A combination reaction of magnesium heated with nitrogen forms lithium oxide. The balanced chemical equation is

According to the question,

Mass of Mg = 2.22g

Molecular mass of Mg = 24.305g/mol

Again you know,

$moles=\frac{mass\left(given\right)}{mass\left(molar\right)}$

Moles of Mg

$$\begin{gathered} =\frac{2.22}{24.305}\left(mol\right) \\ =0.0913\left(mol\right) \end{gathered}$$

Hence, moles of Mg are 0.0913mol.

According to the balanced equation

$3Mg\left(s\right)+N_2\left(g\right)\to M{g}_3{N}_2\left(s\right)$

3 moles of Mg produces 1 mole Mg₃N₂

Now, moles of Mg₃N₂

$$\begin{gathered} =0.0913\times \frac{1}{3}\left(mol\right) \\ =0.0304\left(mol\right) \end{gathered}$$

Hence, moles of Mg₃N₂ when Mg is limiting reagent are 0.0304mol.
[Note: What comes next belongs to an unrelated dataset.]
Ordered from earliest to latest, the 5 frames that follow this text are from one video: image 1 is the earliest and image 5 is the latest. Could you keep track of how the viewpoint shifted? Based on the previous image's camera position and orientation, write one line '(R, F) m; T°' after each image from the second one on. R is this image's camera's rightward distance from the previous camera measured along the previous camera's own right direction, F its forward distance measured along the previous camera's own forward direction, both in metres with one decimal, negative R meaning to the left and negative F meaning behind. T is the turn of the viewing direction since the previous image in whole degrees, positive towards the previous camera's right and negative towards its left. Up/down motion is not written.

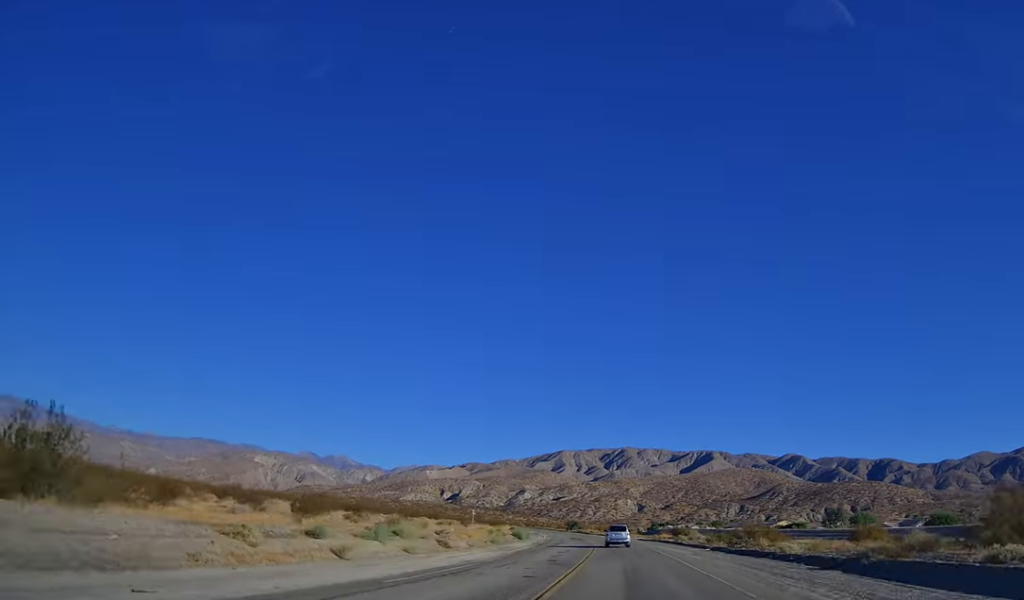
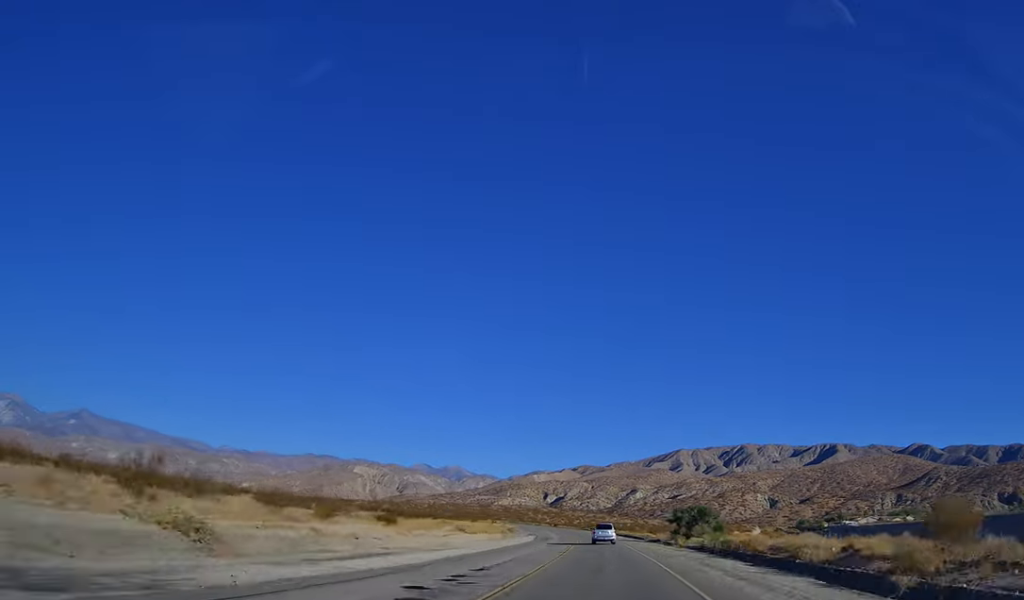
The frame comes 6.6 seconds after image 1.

According to the question,

Mass of N₂ = 3.75g

Molecular mass of N₂ = 28g/mol

Again you know,

$moles=\frac{mass\left(given\right)}{mass\left(molar\right)}$

Moles of N₂

$$\begin{gathered} =\frac{3.75}{28}\left(mol\right) \\ =0.1339\left(mol\right) \end{gathered}$$

Hence, moles of N₂ are 0.1339mol.

According to the balanced equation

$3Mg\left(s\right)+N_2\left(g\right)\to M{g}_3{N}_2\left(s\right)$

1 mole of N₂ produces 1 mole Mg₃N₂

Now, moles of Mg₃N₂

$$\begin{gathered} =0.1339\times \frac{1}{1}\left(mol\right) \\ =01339\left(mol\right) \end{gathered}$$

Hence, moles of Mg₃N₂ when N₂ is limiting reagent are 0.1339mol.
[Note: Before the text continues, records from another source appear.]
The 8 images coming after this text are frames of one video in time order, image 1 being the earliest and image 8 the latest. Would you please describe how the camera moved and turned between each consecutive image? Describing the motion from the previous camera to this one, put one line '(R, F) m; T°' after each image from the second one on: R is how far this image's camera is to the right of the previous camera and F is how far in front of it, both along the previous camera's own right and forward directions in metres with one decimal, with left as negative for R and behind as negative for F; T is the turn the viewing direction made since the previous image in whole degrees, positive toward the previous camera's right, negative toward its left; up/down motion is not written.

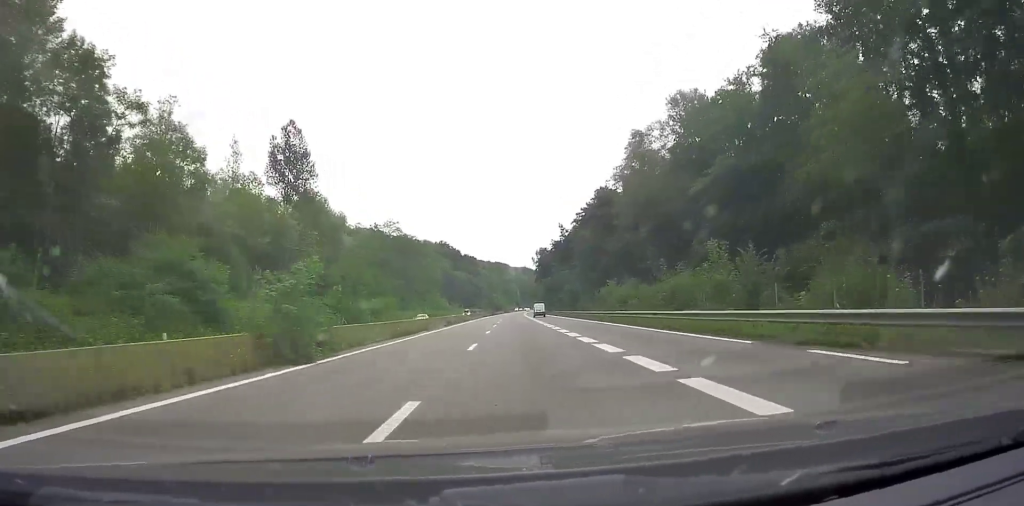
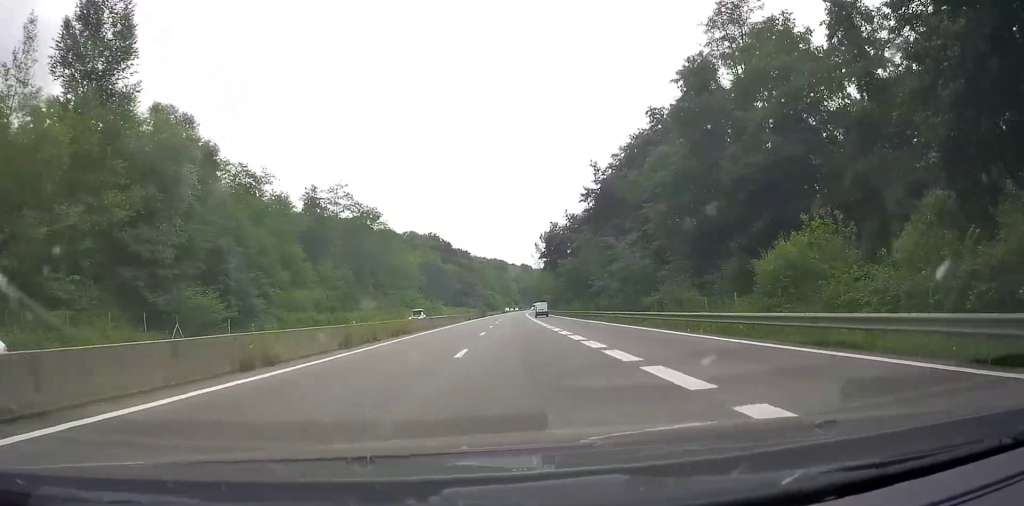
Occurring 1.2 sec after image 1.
(-0.3, +42.4) m; 0°
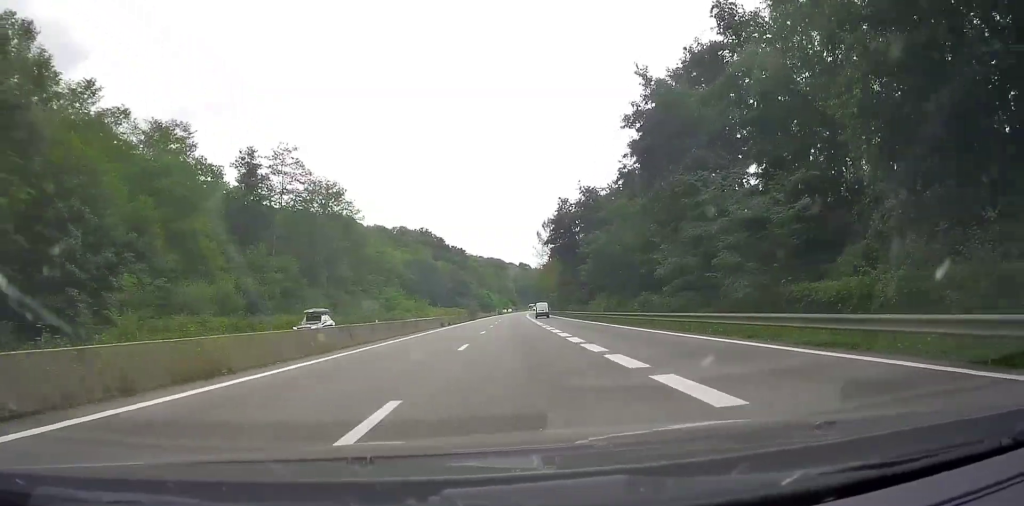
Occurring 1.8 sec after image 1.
(0.0, +24.8) m; 0°
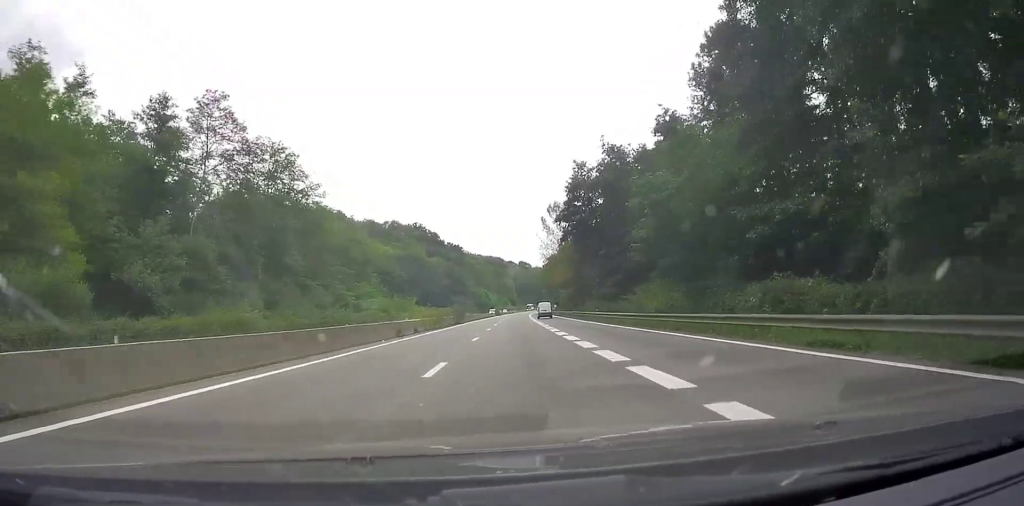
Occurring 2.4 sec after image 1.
(-0.1, +22.1) m; 0°
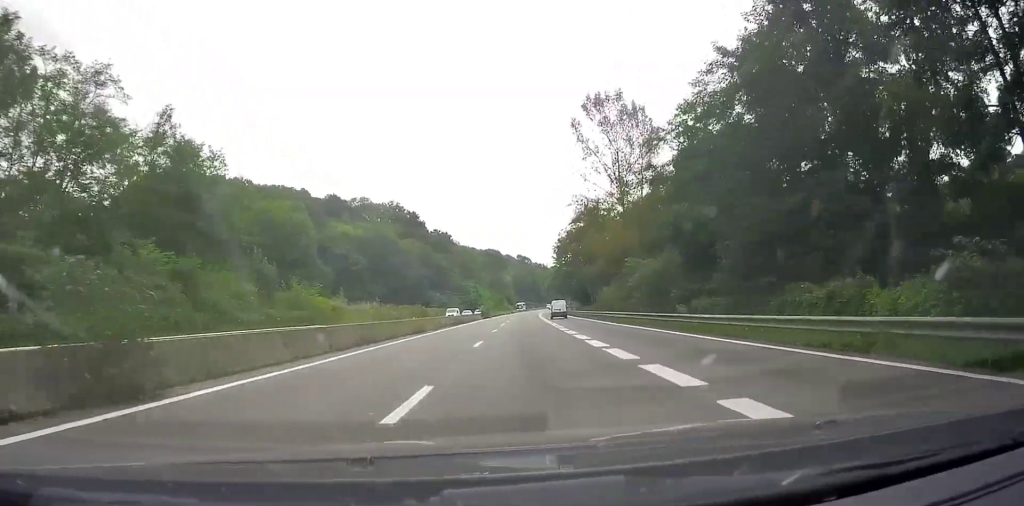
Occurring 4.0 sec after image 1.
(+0.7, +65.0) m; +1°
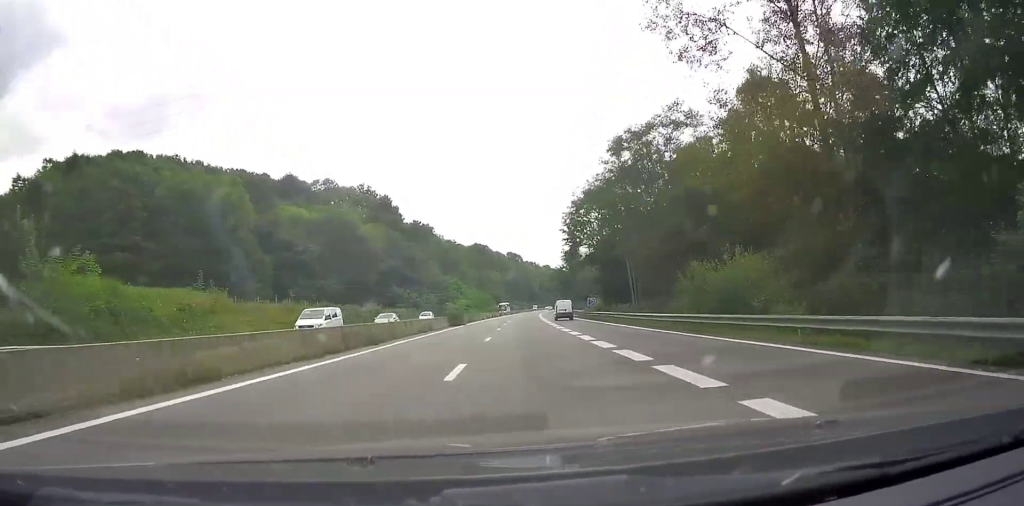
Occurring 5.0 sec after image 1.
(+0.1, +38.4) m; +1°
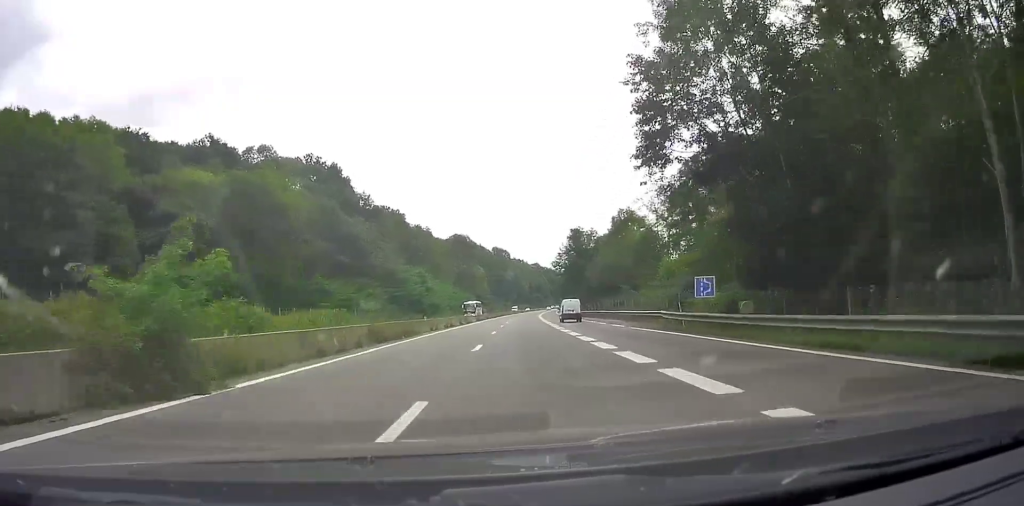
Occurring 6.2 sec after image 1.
(+0.6, +46.4) m; +1°
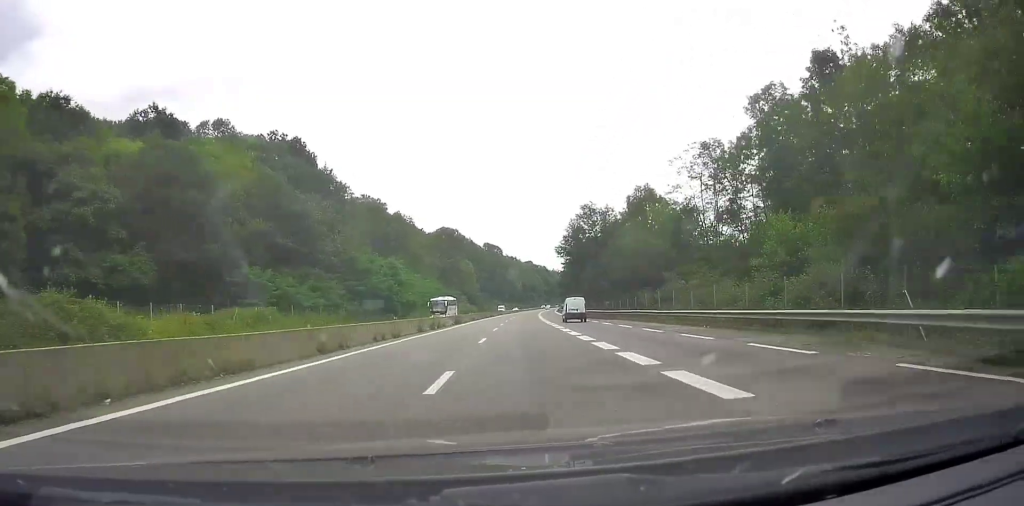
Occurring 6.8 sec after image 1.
(+0.1, +21.8) m; +1°

Mg is the limiting reagent in this reaction as moles of Mg₃N₂ is less in terms of Mg.

Hence, N₂ is present in excess.

In the given reaction

$3Mg\left(s\right)+N_2\left(g\right)\to M{g}_3{N}_2\left(s\right)$

Mg is the limiting reagent.

According to the question,

Mass of Mg = 2.22g

Molecular mass of Mg = 24.305g/mol

Again you know,

$moles=\frac{mass\left(given\right)}{mass\left(molar\right)}$

Moles of Mg

$$\begin{gathered} =\frac{2.22}{24.305}\left(mol\right) \\ =0.0913\left(mol\right) \end{gathered}$$

Hence, moles of Mg are 0.0913mol.

According to the balanced equation

$3Mg\left(s\right)+N_2\left(g\right)\to M{g}_3{N}_2\left(s\right)$

3 moles of Mg produces 1 mole Mg₃N₂

Now, moles of Mg₃N₂

$$\begin{gathered} =0.0913\times \frac{1}{3}\left(mol\right) \\ =0.0304\left(mol\right) \end{gathered}$$

Hence, moles of Mg₃N₂ when Mg is limiting reagent are 0.0304mol.
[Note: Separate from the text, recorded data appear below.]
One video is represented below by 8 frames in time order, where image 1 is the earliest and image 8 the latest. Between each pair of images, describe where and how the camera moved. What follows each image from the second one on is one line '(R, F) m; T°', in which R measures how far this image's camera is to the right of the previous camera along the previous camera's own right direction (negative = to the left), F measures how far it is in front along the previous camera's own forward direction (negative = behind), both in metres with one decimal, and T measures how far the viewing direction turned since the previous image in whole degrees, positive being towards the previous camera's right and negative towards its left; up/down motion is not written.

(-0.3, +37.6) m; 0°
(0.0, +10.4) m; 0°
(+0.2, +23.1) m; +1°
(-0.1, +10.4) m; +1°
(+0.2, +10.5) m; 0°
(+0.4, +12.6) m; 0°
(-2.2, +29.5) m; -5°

As Mg is the limiting reagent; so after reaction there will be no Mg.

From the balanced equation, you can see

$3Mg\left(s\right)+N_2\left(g\right)\to M{g}_3{N}_2\left(s\right)$

3 moles of Mg reacts with 1 mole N_2.

Hence, moles of N₂ reacted

$$\begin{gathered} =0.0913\times \frac{1}{3}\left(mol\right) \\ =0.0304\left(mol\right) \end{gathered}$$

Hence, moles of N₂ reacted is 0.0304mol.

Again you know,

mass = moles x mass (molar)

Molar mass of N₂ is 28g/mol.

Now, mass of N₂

$$\begin{gathered} =0.0304\times 28\left(g\right) \\ =0.8512\left(g\right) \end{gathered}$$

Hence, mass of N₂ reacted is 0.8512g.

Mass of N₂ left

$$\begin{gathered} =mass\left(initial\right)-mass\left(reacted\right) \\ =\left(3.75-0.8512\right)\left(g\right) \\ =2.8988\left(g\right) \end{gathered}$$

Hence, mass of N₂ left is 2.8988g.

Again you know,

mass = moles x mass (molar)

Molar mass of Mg₃N₂ is 100.915g/mol.

Now, mass of Mg₃N₂

$$\begin{gathered} =0.0304\times 100.915\left(g\right) \\ =3.0678\left(g\right) \end{gathered}$$

Hence, mass of Mg₃N₂ is 3.0678g.

After reaction, there are 0g Mg, 2.8988g N₂ and 3.0678g Mg₃N₂.